I've looked at the first version and it looks just like the non-special VHS version I remember in the 90s, authentic but dirty and with grain so high in some scenes it's like static baked into the frame. Other scenes have a natural level of grain. It looks like a medium quality 720p image (because a theatrical film print is several generations removed from the original negative).

While this is a theatrical print scan, the movie did not actually look this grainy in movie theatres in 1980. I wasn't there in 1980, but I know that the movie theatres of the era created a softer film image due to the film protector light being scattered when passing through film and then impacting the screen. This would have added a sheen that diminished the grain. In contrast, modern backlit displays on home HDTVs form a pixel-based image with black borders around each pixel that have the result of sharpening any and all grain.

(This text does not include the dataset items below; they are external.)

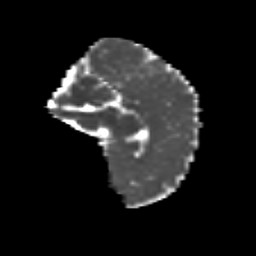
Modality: MD
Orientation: sagittal
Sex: female
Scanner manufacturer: siemens
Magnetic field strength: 3 T
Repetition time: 5 s
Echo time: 0.071 s
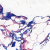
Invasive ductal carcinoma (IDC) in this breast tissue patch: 0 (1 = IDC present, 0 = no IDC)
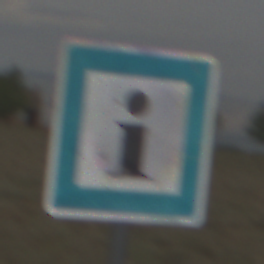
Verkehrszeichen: Informationsstelle
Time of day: Midday
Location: Outdoor (Nature)
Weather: PartlyCloudy
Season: NotSpecified
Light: Natural
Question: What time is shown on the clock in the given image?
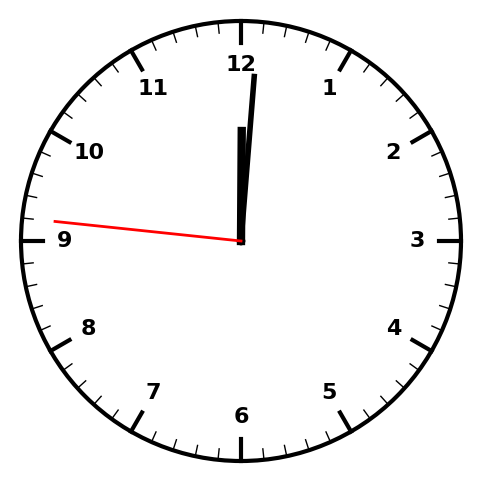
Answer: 12:00:46

I think 4K80 would be releasable on Disney+ if the video were downscaled to a sharper 1080p image and then run through AI grain filtering to tone down the grain. Then an AI algorithm could add a modest amount of grain back to each shot. The entire movie would then have a consistent level of AI-overlaid but natural looking film grain. If it's consistent, it's easy to get used to whereas the noise becomes distracting if some scenes look static-coated and others look clear.

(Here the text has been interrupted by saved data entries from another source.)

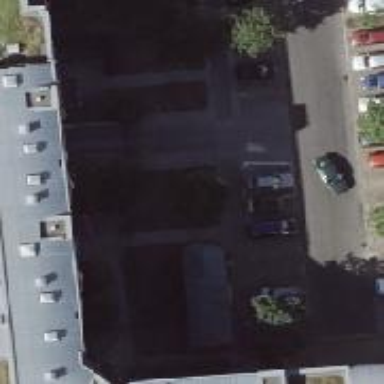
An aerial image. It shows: Sidewalk.
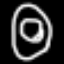
Label: donut
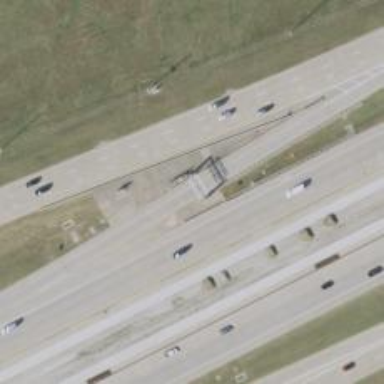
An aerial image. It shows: Toll gantry on the road.

Admittedly, for streaming services, grain is the first thing to be removed from digital files and then a grain texture is added back on during playback as an overlay.

I've downscaled the file to 1080p and I'm going to run it through Topaz AI grain refinement just to get the grain consistent. Then I will pass it along to my niece as the version of EMPIRE that her father probably saw in theatres. I had previously passed along to her a version of the DESPECIALIZED EDTION for EMPIRE (a fan-created hybrid of blu-ray footage and upscaled DVDs).

DESPECIALIZED looked okay at 720p, but on modern 4K TVs, it was looking very low-resolution for a lot of the DVD-sourced footage. I ran it through a Topaz AI upscale to boost it to a somewhat sharper 1080p, but 4K80 will look more consistent. Where DESPECIALIZED looks super-sharp in the blu-ray sourced scenes and slightly blurry in the DVD-sourced scenes, 4K80 looks moderately sharp throughout the entire film and the AI cleanup will also make it moderately grainy throughout as well. That said, I'm sure the film editors at Disney could do an even better job by going at it shot by shot.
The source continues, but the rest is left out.